However long it took, the time didn’t include the debate. It was just for Members of Parliament to cast their votes–something that would normally take 15 minutes.

They were kept the proper distance apart while they waited by an airport-style system that channeled them into a kilometer-long, snaking line. Cleverer writers than me (and also than I) have said that it looked like the world’s most boring theme park. In the photos I’ve seen, somewhere between none of the MPs and very few of them were wearing masks. Because, what the hell, they’ve given up all hope of escaping the virus. 

Since the middle of April, parliament’s been operating on a hybrid system that allowed some MPs to show up in person and others to vote and debate remotely.

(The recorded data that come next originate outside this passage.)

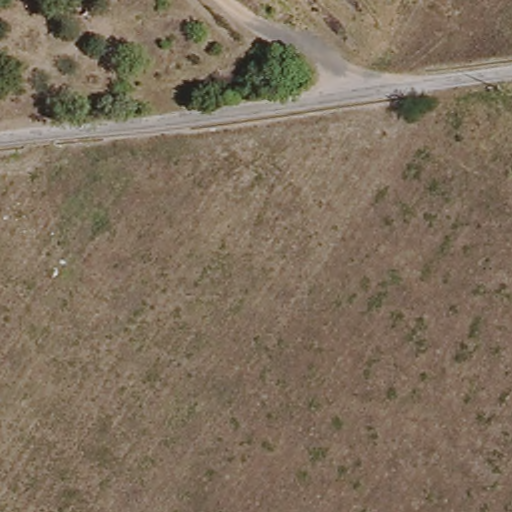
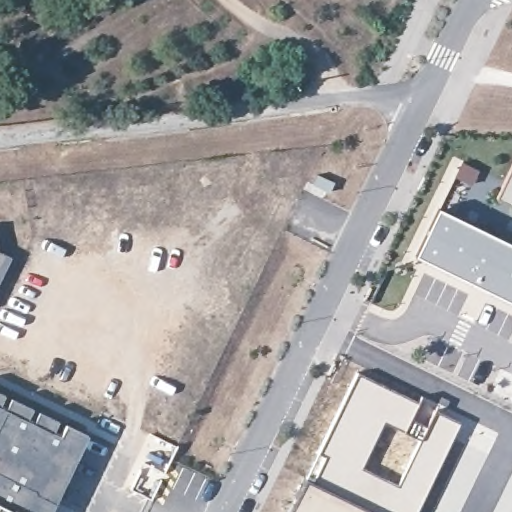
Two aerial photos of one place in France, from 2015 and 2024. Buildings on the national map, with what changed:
new [(498,195),(512,166),(512,201),(498,195)]
new [(477,279),(419,250),(441,206),(512,240),(512,296),(477,279)]
new [(0,278),(0,251),(12,256),(0,278)]
new [(417,512),(378,512),(314,481),(326,457),(319,453),(357,373),(461,423),(417,512)]
new [(48,512),(0,512),(0,392),(88,432),(48,512)]
new [(378,512),(288,512),(306,477),(378,512)]

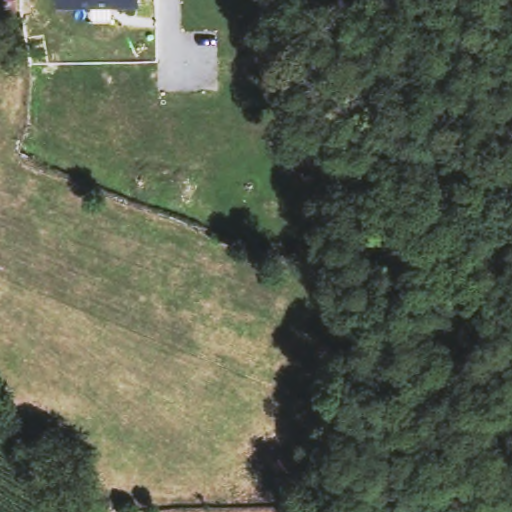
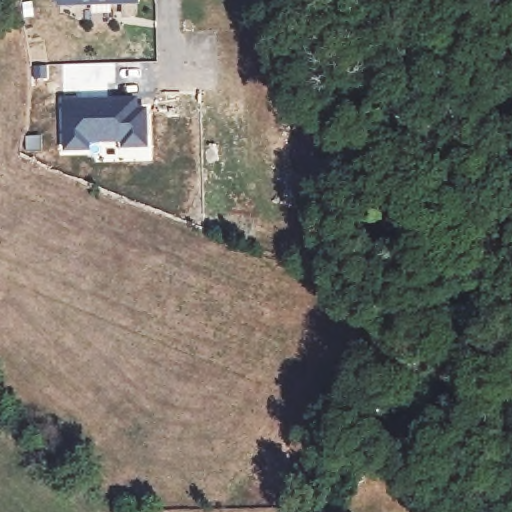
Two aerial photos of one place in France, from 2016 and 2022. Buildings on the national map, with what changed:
unchanged [(60,5),(60,0),(138,0),(138,7),(60,5)]
new [(139,96),(139,107),(148,107),(148,144),(124,144),(124,138),(90,138),(90,145),(66,145),(65,96),(139,96)]

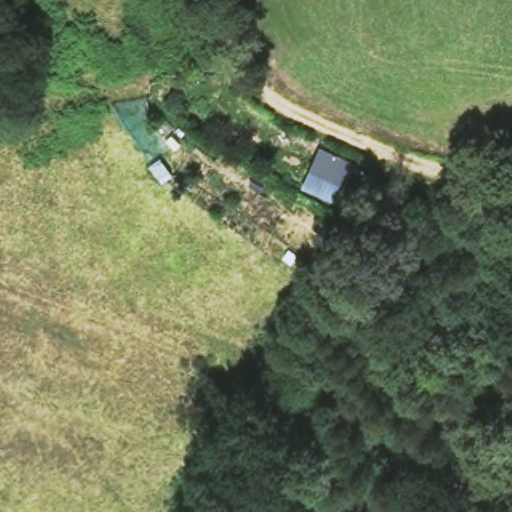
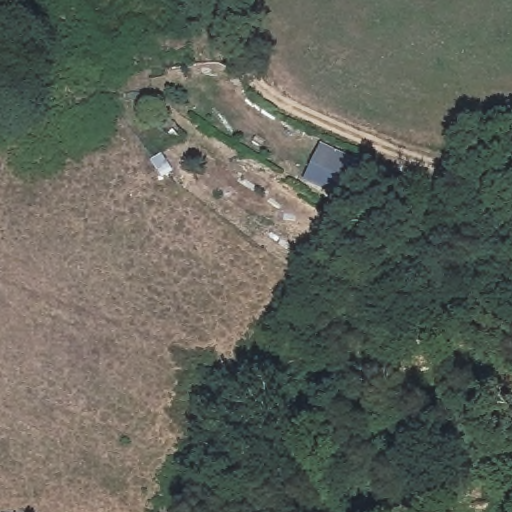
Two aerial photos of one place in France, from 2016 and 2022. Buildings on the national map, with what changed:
unchanged [(320,144),(364,164),(346,204),(303,185),(320,144)]

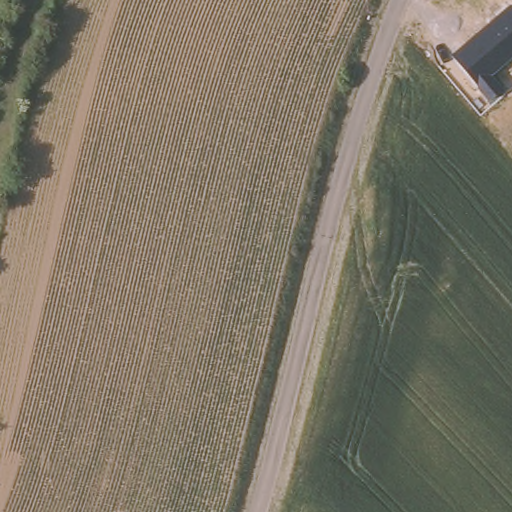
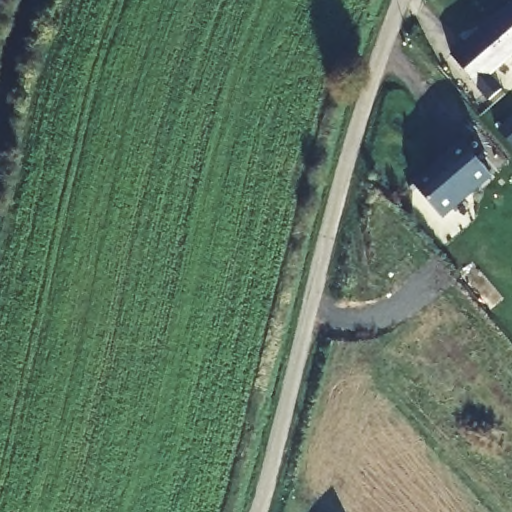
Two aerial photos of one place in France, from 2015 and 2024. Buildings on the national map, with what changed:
unchanged [(512,9),(512,61),(493,78),(506,92),(492,105),(455,56),(511,8),(512,9)]
new [(431,167),(432,168),(462,141),(491,174),(441,217),(412,183),(431,167)]

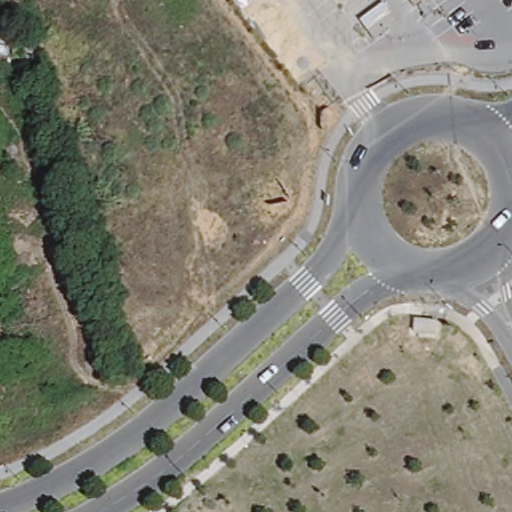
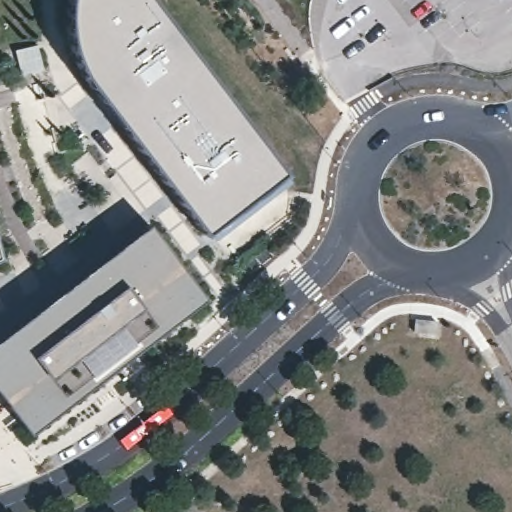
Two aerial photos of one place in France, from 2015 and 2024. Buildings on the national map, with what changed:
new [(278,170),(200,230),(86,70),(69,31),(68,0),(146,0),(278,170)]
new [(198,299),(27,432),(0,397),(0,334),(142,227),(198,299)]

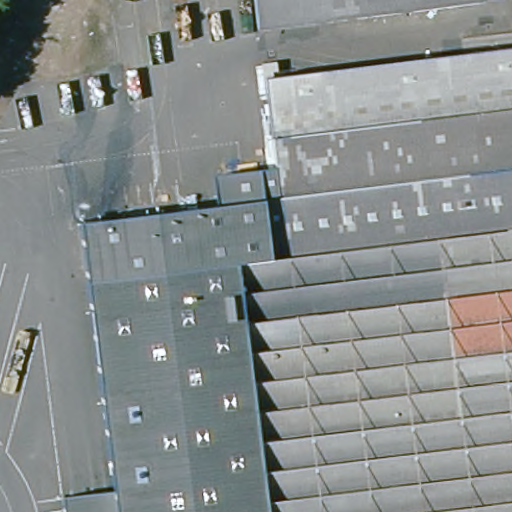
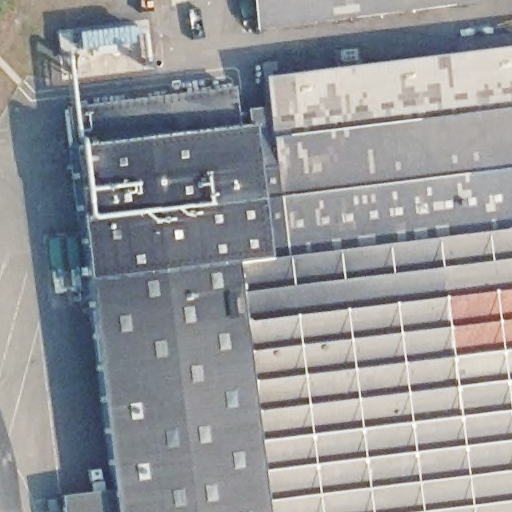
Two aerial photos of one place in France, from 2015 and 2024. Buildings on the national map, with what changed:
unchanged [(476,0),(477,4),(420,10),(258,29),(254,0),(476,0)]
new [(81,50),(79,34),(134,27),(136,42),(81,50)]
unchanged [(85,269),(80,223),(121,218),(277,201),(271,136),(265,79),(423,61),(512,51),(512,512),(112,512),(85,269)]
new [(271,136),(277,201),(262,202),(121,218),(80,223),(73,147),(66,107),(232,86),(238,125),(249,123),(248,109),(268,106),(271,136)]
unchanged [(61,495),(109,490),(111,512),(64,512),(61,495)]

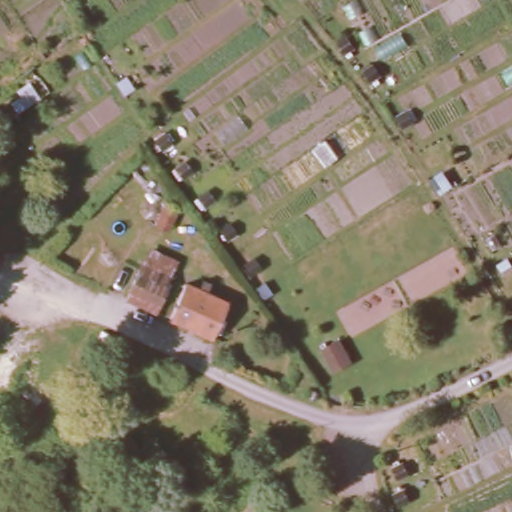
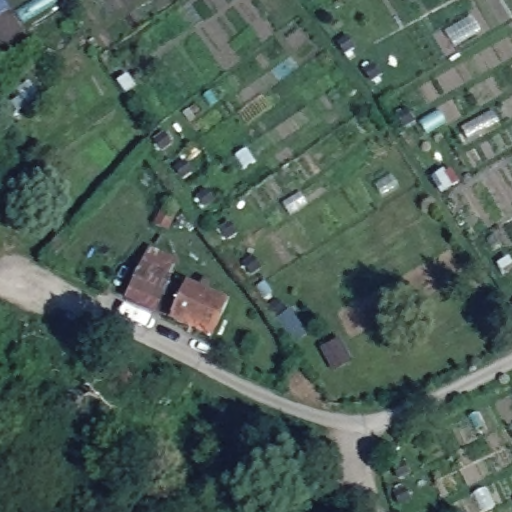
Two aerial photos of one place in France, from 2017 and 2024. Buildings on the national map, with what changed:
unchanged [(176,261),(161,293),(137,282),(151,250),(176,261)]
unchanged [(202,289),(206,281),(215,285),(212,292),(231,303),(214,337),(172,315),(167,312),(174,296),(179,299),(187,281),(202,289)]

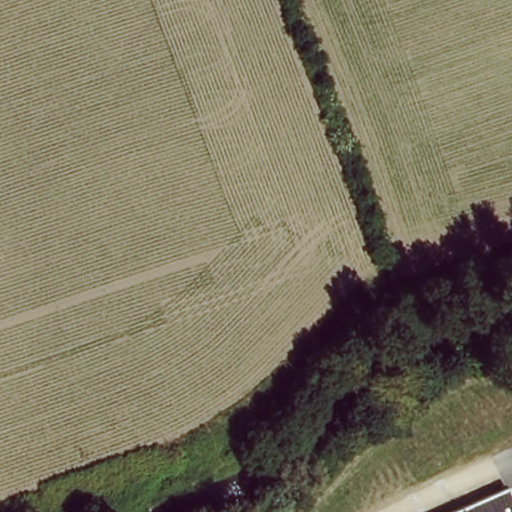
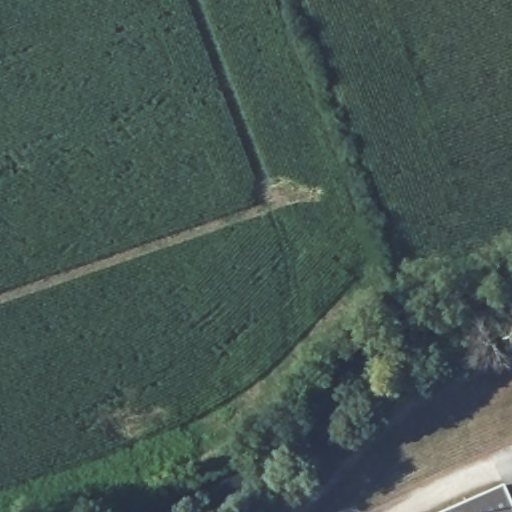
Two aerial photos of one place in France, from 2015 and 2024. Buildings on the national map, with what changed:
unchanged [(503,486),(512,505),(512,512),(446,512),(503,486)]

But the leader of the House of Commons, Jacob Rees-Mogg, scrapped the hybrid system, forcing MPs to show up in person if they wanted to vote.

Why does R-M want them all back? To set an example. 

Of what? I don’t think he’s said. Certainly not of following government advice to minimize contact with people outside your household, work from home if at all possible, and only meet people out of doors in groups of no more than I don’t remember how many. 

I’ll admit, though, that they’re setting an example of the British stiff upper lip. As one MP said, “If I haven’t already had Covid, I’m now resigned to the fact that I definitely will.” 

R-M also said everyone had to come back because it will make democracy “once again flourish.” 

I don’t think he’s explained that either.

MPs who, for medical reasons, can’t come back will be able to take part in some debates remotely but they won’t be able to vote. Because, hey, if they’d had any foresight they wouldn’t have gotten themselves into this situation. To compensate for that, there may be pairing arrangements. That means that if an MP from one party can’t vote a paired MP from the opposing party is taken out and shot so they can’t vote either.

Okay, that’s not the exact wording of the proposal. Maybe they just put a bag over the sacrificial MPs head and lead him or her into a nice dark closet until the voting’s over. Which may take a while. 

Given that there are more than two parties, which  party do they pull the sacrificial paired MP from? Do they ask the non-attending MP, “Who do you hate most? We’ll keep them from voting”? Or do they take one MP from each party? 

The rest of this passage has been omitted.